### About this exercise
A verbatim transcription of the listing below is required, without its pictures.

### Input records

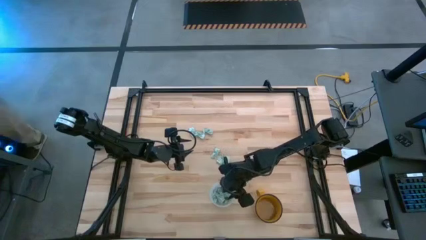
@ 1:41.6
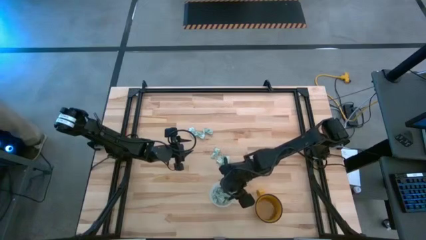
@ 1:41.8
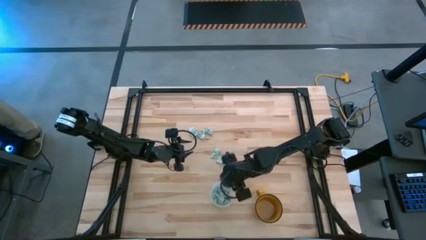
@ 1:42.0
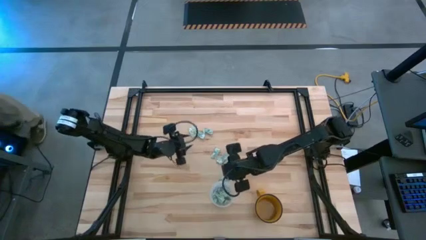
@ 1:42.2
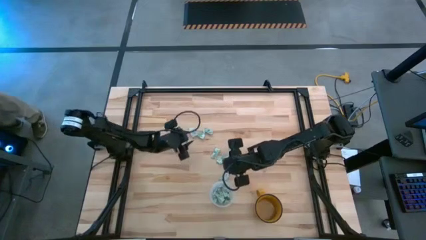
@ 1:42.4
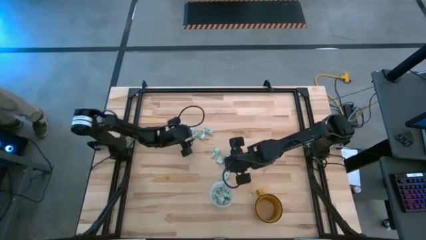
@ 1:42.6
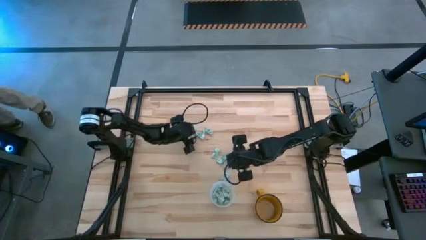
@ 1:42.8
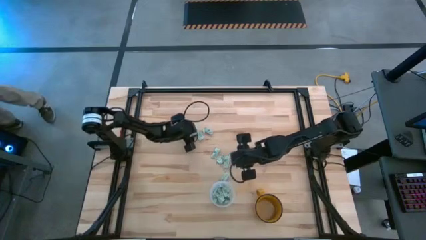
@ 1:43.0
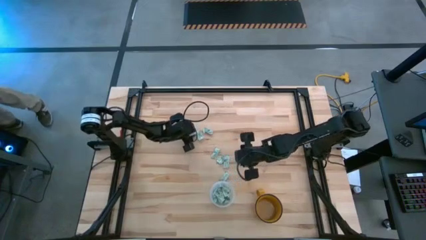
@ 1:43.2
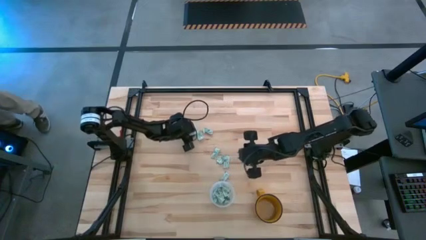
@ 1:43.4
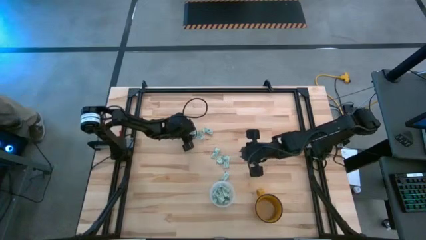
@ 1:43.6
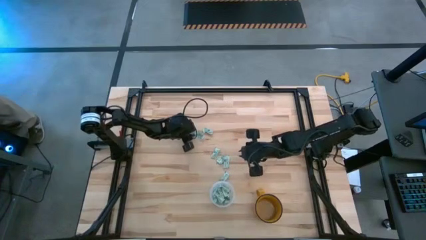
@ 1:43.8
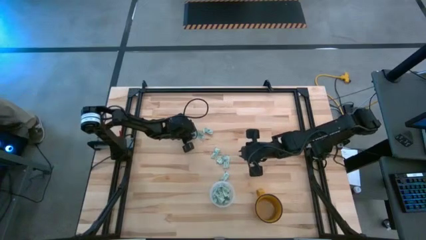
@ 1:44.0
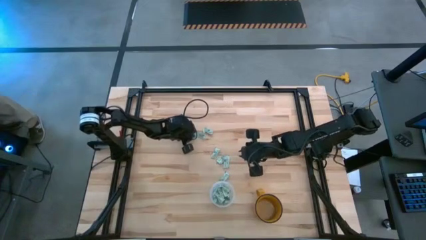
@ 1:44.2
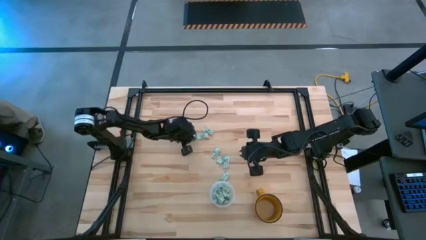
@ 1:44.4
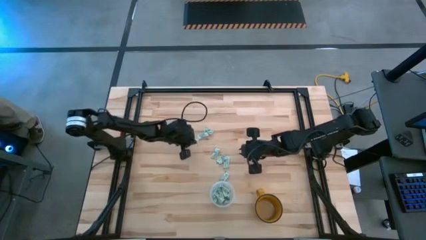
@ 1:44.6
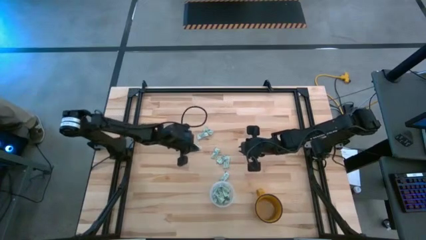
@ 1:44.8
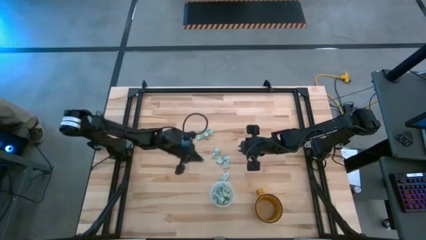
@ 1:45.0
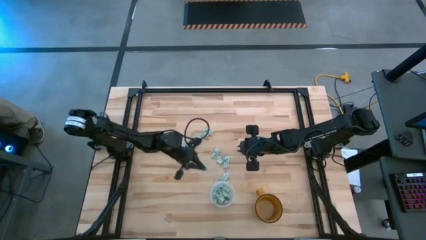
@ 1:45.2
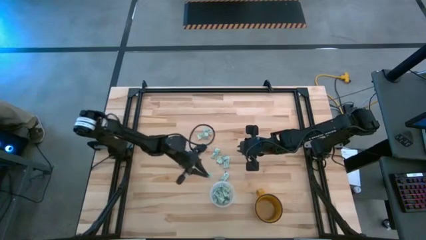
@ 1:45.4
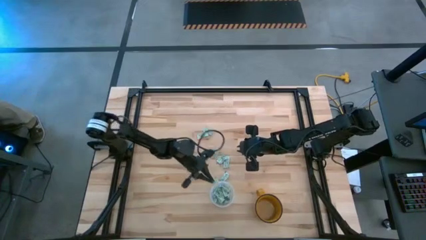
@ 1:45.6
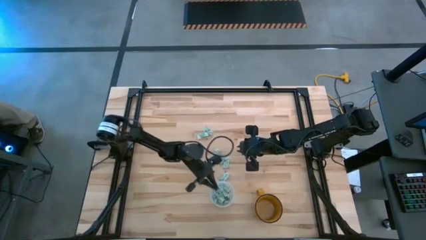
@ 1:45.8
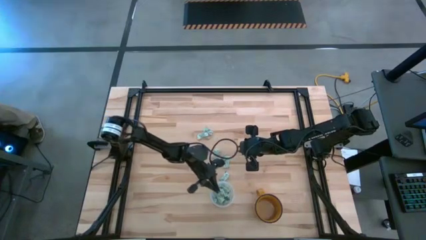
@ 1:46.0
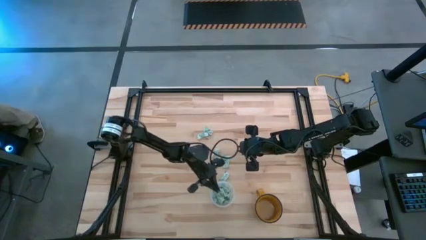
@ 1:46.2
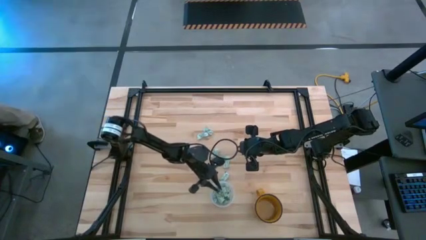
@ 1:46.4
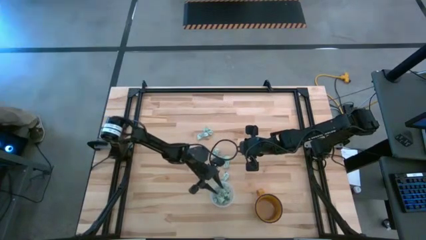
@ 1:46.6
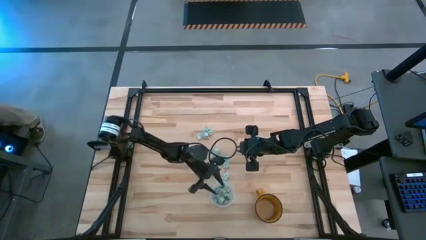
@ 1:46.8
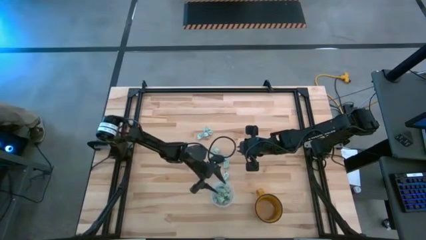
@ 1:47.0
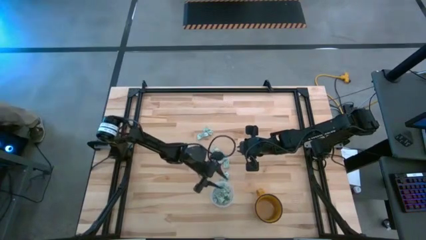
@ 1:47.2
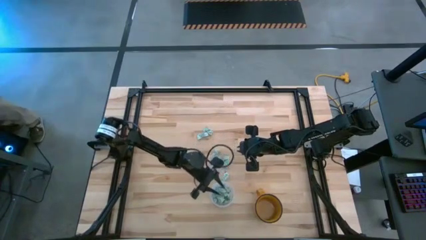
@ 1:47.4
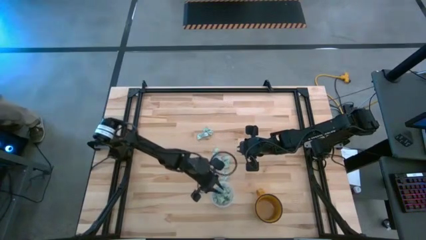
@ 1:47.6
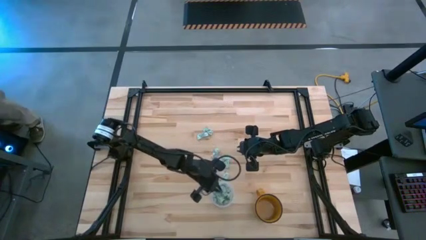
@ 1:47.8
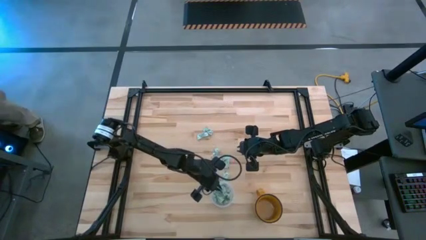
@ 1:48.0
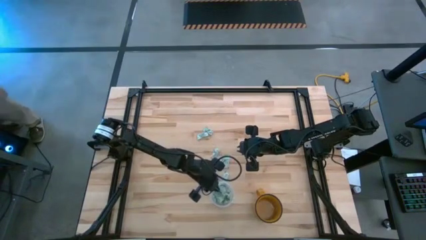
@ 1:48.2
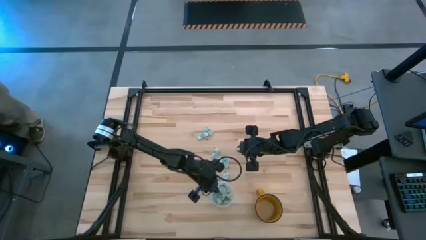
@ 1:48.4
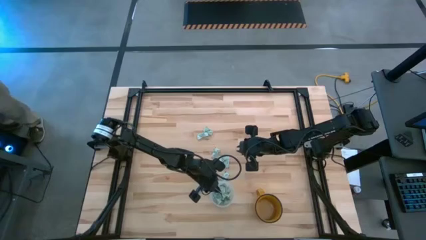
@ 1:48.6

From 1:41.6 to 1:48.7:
Task: Pick and place Stevia / Truvia into bins
Put the stevia packet into the transparent bin

### Solved problem
@ 1:41.6
@ 1:41.8
@ 1:42.0
@ 1:42.2
@ 1:42.4
@ 1:42.6
@ 1:42.8
@ 1:43.0
@ 1:43.2
@ 1:43.4
@ 1:43.6
@ 1:43.8
@ 1:44.0
@ 1:44.2
@ 1:44.4
@ 1:44.6
@ 1:44.8
@ 1:45.0
@ 1:45.2
@ 1:45.4
@ 1:45.6
@ 1:45.8
@ 1:46.0
@ 1:46.2
@ 1:46.4
@ 1:46.6
@ 1:46.8
@ 1:47.0
@ 1:47.2
@ 1:47.4
@ 1:47.6
@ 1:47.8
@ 1:48.0
@ 1:48.2
@ 1:48.4
@ 1:48.6

From 1:41.6 to 1:48.7:
Task: Pick and place Stevia / Truvia into bins
Put the stevia packet into the transparent bin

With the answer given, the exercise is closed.